O experimento com a IA foi relatado em um novo estudo recentemente e publicado na revista científica PLOS ONE. As previsões de mortes prematuras feitas pela inteligência artificial se mostraram “significativamente mais precisas” do que previsões realizadas por um modelo que não utilizou o aprendizado feito pela máquina. O estudo foi liderado Stephen Weng, professor assistente de epidemiologia e com dados da Universidade de Nottingham no Reino Unido.

Os testes

Dois tipos de inteligência artificiais foram testados pelos cientistas para avaliar a probabilidade de morte prematura dos indivíduos. Uma IA de “aprendizagem profunda”, a qual as redes de processamento de informações em camadas ajudam o computador a aprender com exemplos. A outra é uma IA mais simples. Esta é chamada de “floresta aleatória”, tem como mecanismo uma combinação de vários modelos para considerar possíveis resultados.

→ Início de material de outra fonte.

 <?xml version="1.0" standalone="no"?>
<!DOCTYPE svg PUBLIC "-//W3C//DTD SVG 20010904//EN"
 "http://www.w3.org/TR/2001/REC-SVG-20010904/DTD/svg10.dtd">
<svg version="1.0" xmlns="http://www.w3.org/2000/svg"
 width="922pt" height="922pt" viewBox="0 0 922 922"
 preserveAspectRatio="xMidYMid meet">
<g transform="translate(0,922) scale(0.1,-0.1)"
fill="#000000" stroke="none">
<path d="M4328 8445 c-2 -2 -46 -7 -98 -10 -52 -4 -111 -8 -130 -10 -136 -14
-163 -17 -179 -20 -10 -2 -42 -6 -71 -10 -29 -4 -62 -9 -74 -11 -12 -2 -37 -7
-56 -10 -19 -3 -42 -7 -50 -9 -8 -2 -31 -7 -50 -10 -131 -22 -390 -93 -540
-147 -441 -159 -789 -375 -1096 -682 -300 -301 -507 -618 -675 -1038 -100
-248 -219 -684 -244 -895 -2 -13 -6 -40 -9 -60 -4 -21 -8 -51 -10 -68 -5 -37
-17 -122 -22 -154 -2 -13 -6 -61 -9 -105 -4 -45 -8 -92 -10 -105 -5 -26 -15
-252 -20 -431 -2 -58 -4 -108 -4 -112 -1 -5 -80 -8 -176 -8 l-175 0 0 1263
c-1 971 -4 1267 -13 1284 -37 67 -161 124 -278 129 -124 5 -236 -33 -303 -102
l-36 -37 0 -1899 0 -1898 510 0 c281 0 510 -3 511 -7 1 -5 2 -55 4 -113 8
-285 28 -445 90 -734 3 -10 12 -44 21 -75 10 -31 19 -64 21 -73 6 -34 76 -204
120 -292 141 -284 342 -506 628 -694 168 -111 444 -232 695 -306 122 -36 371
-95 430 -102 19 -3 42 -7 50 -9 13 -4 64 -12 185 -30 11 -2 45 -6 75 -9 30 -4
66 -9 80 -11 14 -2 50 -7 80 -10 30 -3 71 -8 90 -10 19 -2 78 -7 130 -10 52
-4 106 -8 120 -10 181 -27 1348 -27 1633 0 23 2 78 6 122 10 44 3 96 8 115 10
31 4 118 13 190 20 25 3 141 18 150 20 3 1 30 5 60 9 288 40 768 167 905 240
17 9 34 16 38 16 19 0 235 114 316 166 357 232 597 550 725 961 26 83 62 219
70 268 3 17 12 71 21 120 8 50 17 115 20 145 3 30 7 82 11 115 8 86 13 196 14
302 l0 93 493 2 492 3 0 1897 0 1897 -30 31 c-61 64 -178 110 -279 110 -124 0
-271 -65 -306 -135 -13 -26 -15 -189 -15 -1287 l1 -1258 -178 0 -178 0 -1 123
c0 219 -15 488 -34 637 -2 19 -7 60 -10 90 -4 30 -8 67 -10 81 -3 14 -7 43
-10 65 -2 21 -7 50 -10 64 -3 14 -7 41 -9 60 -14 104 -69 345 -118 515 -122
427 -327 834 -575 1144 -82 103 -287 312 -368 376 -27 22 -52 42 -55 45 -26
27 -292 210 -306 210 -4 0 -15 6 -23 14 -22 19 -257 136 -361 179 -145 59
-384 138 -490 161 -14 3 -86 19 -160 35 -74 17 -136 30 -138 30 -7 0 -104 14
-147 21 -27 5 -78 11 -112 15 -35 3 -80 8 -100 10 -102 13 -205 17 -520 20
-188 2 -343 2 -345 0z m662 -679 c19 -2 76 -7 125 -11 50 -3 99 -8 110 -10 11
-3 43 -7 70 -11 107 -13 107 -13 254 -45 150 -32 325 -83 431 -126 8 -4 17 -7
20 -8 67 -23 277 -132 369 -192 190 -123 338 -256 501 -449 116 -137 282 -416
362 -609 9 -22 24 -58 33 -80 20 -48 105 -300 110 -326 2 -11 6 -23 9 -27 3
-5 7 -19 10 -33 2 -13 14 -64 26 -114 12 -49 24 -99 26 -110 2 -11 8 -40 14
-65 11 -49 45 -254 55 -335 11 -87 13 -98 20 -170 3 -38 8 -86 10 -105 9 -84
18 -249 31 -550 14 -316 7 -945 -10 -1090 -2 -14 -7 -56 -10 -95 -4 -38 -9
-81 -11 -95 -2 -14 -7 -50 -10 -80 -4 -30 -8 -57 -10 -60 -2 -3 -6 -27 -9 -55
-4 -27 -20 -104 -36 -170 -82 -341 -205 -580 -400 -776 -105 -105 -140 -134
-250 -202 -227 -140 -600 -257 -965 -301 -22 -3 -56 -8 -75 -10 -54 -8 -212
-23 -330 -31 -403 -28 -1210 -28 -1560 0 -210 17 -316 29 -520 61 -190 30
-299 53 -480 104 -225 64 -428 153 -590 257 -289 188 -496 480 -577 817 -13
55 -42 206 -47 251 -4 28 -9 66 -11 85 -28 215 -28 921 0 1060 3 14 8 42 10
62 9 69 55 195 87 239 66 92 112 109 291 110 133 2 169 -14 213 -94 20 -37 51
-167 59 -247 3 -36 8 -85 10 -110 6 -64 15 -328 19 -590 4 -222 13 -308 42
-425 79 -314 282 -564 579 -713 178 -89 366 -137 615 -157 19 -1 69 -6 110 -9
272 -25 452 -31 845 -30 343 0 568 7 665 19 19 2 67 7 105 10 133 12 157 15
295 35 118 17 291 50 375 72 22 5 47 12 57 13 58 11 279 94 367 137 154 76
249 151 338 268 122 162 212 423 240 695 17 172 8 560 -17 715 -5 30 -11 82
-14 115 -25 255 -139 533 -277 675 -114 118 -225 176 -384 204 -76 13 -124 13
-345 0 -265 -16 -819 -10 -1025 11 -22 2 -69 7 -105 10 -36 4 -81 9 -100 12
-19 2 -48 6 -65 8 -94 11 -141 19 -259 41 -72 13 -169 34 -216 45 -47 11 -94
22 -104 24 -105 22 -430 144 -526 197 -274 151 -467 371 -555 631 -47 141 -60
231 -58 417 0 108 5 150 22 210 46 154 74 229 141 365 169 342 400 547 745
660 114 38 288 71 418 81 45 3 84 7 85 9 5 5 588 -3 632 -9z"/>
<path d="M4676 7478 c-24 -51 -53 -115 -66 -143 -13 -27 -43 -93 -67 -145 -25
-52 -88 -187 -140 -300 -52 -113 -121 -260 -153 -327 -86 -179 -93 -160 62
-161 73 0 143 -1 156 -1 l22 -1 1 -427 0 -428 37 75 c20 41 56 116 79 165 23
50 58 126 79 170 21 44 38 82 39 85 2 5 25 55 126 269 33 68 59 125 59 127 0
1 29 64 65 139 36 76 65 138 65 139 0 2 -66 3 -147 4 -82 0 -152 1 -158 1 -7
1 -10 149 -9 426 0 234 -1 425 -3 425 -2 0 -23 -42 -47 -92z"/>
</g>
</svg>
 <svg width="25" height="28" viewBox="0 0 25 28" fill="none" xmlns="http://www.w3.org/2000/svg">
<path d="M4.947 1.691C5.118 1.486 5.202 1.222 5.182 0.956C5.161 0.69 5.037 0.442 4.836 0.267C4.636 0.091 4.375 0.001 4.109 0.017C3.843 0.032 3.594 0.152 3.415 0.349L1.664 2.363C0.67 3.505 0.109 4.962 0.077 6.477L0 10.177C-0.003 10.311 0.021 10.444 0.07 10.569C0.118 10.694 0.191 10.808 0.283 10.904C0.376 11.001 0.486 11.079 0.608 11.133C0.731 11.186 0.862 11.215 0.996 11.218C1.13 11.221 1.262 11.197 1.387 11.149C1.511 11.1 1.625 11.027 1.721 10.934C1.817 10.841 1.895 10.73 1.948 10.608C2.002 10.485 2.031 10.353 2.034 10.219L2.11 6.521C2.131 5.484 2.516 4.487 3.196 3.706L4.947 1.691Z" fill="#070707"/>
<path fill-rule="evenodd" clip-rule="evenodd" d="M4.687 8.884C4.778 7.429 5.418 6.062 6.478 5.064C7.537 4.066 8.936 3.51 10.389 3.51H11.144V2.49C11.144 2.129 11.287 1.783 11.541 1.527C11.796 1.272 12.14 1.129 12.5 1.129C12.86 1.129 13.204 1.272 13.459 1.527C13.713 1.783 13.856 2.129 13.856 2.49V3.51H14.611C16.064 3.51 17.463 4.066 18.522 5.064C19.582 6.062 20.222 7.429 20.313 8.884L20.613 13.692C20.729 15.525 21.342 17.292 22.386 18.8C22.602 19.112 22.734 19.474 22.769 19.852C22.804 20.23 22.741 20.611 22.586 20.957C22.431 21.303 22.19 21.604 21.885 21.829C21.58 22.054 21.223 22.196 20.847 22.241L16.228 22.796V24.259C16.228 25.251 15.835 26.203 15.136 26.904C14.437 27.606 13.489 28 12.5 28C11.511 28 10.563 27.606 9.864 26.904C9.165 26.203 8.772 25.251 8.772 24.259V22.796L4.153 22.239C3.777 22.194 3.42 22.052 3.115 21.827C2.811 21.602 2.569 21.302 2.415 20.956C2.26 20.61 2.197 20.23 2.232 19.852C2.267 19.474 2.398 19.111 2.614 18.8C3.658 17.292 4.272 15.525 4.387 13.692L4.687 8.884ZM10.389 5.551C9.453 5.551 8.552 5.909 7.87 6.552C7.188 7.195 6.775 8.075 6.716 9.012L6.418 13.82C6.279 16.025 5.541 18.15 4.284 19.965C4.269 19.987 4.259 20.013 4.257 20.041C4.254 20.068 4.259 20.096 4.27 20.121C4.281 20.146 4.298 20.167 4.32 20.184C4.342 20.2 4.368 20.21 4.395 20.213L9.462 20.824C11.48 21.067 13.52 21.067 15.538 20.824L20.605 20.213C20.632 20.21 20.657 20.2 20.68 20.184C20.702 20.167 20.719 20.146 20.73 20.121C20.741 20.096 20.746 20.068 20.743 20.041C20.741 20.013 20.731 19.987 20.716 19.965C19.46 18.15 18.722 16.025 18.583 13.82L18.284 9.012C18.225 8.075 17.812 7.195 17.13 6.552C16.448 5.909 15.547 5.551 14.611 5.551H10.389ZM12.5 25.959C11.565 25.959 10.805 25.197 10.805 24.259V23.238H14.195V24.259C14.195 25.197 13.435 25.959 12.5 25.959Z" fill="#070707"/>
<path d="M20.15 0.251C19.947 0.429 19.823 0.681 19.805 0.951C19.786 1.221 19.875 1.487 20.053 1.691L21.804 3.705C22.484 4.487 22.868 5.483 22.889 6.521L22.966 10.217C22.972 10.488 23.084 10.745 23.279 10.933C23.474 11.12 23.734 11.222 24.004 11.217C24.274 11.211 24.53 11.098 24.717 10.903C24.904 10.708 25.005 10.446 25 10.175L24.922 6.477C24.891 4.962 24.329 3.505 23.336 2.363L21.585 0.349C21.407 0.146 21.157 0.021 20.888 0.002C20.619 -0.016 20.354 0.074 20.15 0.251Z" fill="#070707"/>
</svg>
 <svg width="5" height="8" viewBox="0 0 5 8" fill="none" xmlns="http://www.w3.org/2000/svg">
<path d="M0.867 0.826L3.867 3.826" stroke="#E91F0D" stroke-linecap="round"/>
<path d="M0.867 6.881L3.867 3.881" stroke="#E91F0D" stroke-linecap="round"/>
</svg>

Depois dos testes, os pesquisadores compararam as conclusões dos dois modelos de IA com os resultados de um algoritmo padrão, conhecido como Modelo de Cox. Com os três modelos, foram avaliados os dados de um banco de dados de livre acesso de dados genéticos, físicos e de saúde chamado UK Biobank.

Essa banco de dados reúne dados de mais de 500 mil pessoas, coletados entre 2006 e 2016. Nesse período, cerca de 14.500 dos participantes morreram. As principais causas dessas mortes foram câncer, doenças cardíacas e doenças respiratórias.

As variáveis

Os três modelos utilizados pelos cientistas determinaram que fatores como idade, sexo, histórico de tabagismo e diagnósticos precoces de câncer foram as principais variáveis para avaliar a probabilidade de morte prematura de uma pessoa. Entretanto, em outros fatores-chave, os modelos divergiram, segundo os pesquisadores.

O modelo de Cox se baseou em fatores como etnicidade e atividade física, já os modelos de IA não. O modelo floresta aleatória deu maior ênfase na porcentagem de gordura corporal, mais precisamente na circunferência da cintura, quantidade de frutas e legumes que as pessoas ingeriam e o tom de suas peles, segundo o estudo.

Já o modelo de aprendizagem profunda, os principais fatores incluíam exposição à riscos relacionados ao trabalho e à poluição do ar, ingestão de álcool e o uso de alguns tipos de medicações.

Quando os dados foram processados, o algoritmo de aprendizagem profunda foi capaz de fornecer previsões mais precisas. Essa IA conseguiu identificar corretamente 76% dos indivíduos que morreram durante o estudo. A IA floresta aleatória previu corretamente 64% das mortes  prematuras. Já o modelo de Cox apenas 44%.

Esta não é a primeira vez que IA são utilizadas para auxiliar os cientistas na previsão e disgnósticos de saúde. Em 2017, uma outra equipe de pesquisadores utilizou uma IA para aprender a detectar sinais prematuros da doença de Alzheimer.

A máquina avaliou varreduras cerebrais para conseguir identificar se uma pessoa teria probabilidade de desenvolver Alzheimer. Os resultados foram surpreendentes. A IA conseguiu prever com cerca de 84% de precisão, o estudo publicado na revista Neurobiology of Aging.